A research team led by Professor Aydogan Ozcan from the Electrical and Computer Engineering Department at the University of California, Los Angeles (UCLA) and colleagues have developed an artificial intelligence (AI) powered innovative bacterial colony detection system using a thin-film transistor (TFT) array, which is a widely used technology in mobile phones and other displays.
Detecting and identifying pathogenic bacteria early in food and water samples are essential to public health. More than 4 billion dollars are spent on pathogenic bacteria infections annually in the United States alone, and they result in millions of deaths globally.
Escherichia coli (E. coli) and other coliform bacteria are among the most prevalent pathogenic bacteria, and they are a sign of fecal contamination in food and water samples. The most common and traditional method for finding these pathogenic bacteria includes culturing the samples, which often requires a final read-out of more than 24 hours and expert visual inspection.

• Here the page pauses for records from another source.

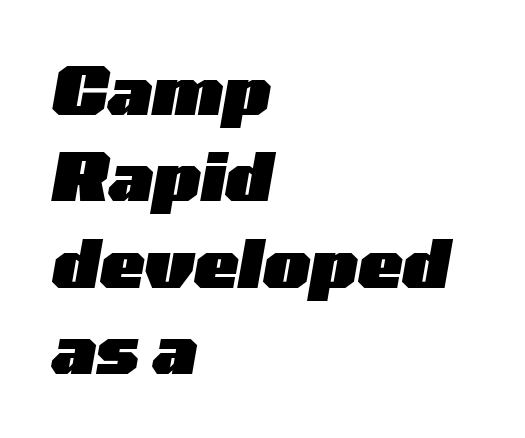
The setting favours the left margin, as ordinary paragraphs usually do. The letters advance in unequal steps, a hallmark of proportional type. A typesetter would mark this as italic. Reading down the column, the eye jumps a familiar distance to each next line. No word sits above an underline.
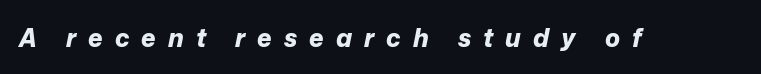
You can tell it's italic because the verticals aren't actually vertical. The rendering inserts visible extra space after every character. Plain, unruled lines of type. Compared with an ordinary text face, these strokes are far heavier — a full bold.
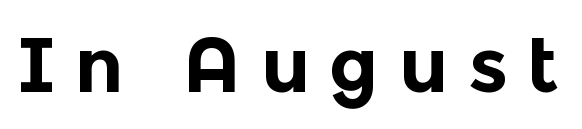
Style check: upright. The glyphs are unaccompanied by any horizontal stroke below them. How heavy is the stroke? Heavy — this is a bold. The face used here is a sans, in the tradition of grotesques and geometrics. Looks like regular typesetting: each glyph gets only the width it needs. Display-style spreading of the glyphs; the letterfit is very open.
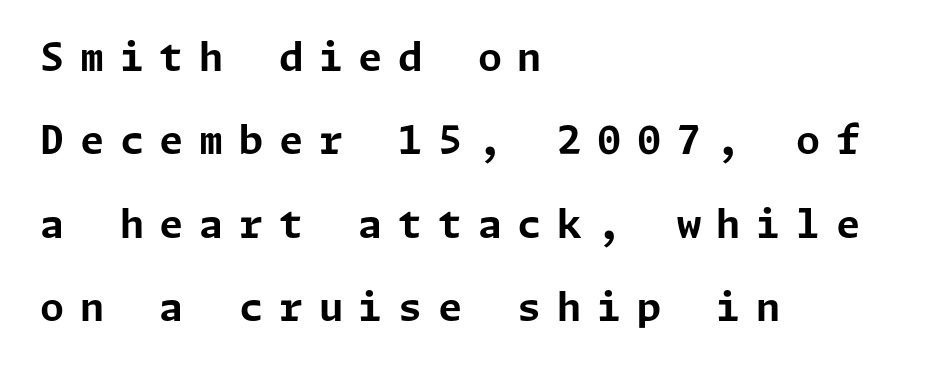
The image shows 39 px bold sans-serif type, upright; set left-aligned, loose line spacing (2.14x), unusually wide letter spacing (+0.4 em), not underlined; low stroke contrast and a medium x-height.
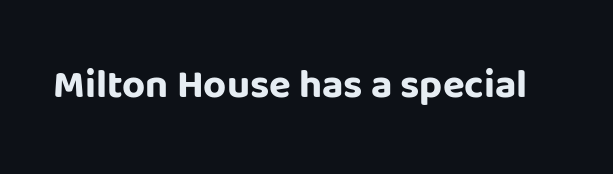
Q: Is the text bold? A: Yes.
Q: Is the text italic (slanted)? A: No, it is upright.
Q: Is the typeface a serif or a sans-serif typeface? A: Sans-serif.
Q: Is the text underlined? A: No.
Q: Is the spacing between letters normal or unusually wide? A: Normal.
Q: Width (condensed, normal, or wide)? A: Normal.
Q: Stroke contrast? A: Low.
Q: x-height? A: Large.
Q: Monospaced? A: No.

Although some techniques based on, for instance, the amplification of nucleic acids, can cut the detection time to a few hours, they are insensitive to low bacterial concentrations and are unable to distinguish between live and dead bacteria. In order to screen water samples for bacteria, the US Environmental Protection Agency (EPA) does not authorize any nucleic acid-based bacteria sensing methods.
The system was recently published in ACS Photonics, the American Chemical Society (ACS) journal.

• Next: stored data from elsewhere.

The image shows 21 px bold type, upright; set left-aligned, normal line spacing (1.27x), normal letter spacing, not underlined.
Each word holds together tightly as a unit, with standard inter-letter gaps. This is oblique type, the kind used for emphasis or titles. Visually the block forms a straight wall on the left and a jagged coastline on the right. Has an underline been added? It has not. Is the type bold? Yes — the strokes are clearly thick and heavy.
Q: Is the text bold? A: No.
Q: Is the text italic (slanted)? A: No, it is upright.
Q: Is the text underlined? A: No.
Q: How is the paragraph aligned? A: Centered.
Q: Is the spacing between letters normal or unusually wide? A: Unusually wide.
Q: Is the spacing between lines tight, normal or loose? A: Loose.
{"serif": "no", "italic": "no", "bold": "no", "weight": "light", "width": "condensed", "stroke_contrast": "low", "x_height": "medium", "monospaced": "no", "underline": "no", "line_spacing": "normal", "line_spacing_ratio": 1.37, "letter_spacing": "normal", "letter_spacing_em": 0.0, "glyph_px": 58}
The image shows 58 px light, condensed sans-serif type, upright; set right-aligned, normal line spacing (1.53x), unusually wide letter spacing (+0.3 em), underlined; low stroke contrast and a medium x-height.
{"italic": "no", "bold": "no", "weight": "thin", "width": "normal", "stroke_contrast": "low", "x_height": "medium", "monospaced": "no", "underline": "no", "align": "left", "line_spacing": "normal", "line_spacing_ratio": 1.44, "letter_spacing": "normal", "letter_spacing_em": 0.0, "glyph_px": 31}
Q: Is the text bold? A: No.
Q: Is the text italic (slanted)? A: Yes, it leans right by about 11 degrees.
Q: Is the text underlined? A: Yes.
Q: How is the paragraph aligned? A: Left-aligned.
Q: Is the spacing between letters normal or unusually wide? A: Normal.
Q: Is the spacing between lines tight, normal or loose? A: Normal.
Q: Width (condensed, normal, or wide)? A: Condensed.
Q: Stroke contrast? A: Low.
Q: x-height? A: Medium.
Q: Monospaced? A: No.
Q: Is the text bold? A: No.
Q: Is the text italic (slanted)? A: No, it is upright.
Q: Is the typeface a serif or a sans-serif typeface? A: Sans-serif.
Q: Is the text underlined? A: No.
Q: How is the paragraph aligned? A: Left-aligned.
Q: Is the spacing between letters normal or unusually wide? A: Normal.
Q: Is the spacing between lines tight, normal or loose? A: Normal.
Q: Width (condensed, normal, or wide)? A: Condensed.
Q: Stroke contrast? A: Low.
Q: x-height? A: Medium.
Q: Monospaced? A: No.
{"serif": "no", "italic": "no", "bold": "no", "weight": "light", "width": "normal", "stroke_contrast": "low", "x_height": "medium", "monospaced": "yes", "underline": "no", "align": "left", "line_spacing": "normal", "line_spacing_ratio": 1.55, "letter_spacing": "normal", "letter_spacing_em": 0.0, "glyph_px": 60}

AI-Powered Bacterial Colony Detection System is Fast and Accurate
The AI system was able to quickly capture the growth patterns of bacterial colonies without the need for scanning, which was possible due to the ultra-large imaging area of the TFT array (27 mm 26 mm) created by researchers at Japan Display Inc. This resulted in a significant reduction in both the hardware and software design requirements.
Comparing this technology to EPA-approved, gold-standard culture-based procedures resulted in 12-hour time savings. The AI-based system could quickly and automatically detect colony growth with a deep neural network by examining the microscopic images acquired by the TFT array as a function of time. The species of bacteria are categorized using a second neural network after each colony has been found.
By performing early detection and categorization of three different bacterial kinds, namely E. coli, Citrobacter, and Klebsiella pneumoniae, the effectiveness of this automated bacterial colony detection system was demonstrated. In comparison to the EPA-approved culture methods, the researchers were able to discover colonies at a rate of >90% in less than 9 hours and further identify their species in around 12 hours. Additionally, the complete digital processing steps take <25 sec using a standard computer without requiring an advanced graphics processing unit (GPU).
These findings show the viability of an automated, AI-based bacterial colony identification system based on TFT arrays as a quick, affordable, and precise method, particularly suited for resource-constrained contexts.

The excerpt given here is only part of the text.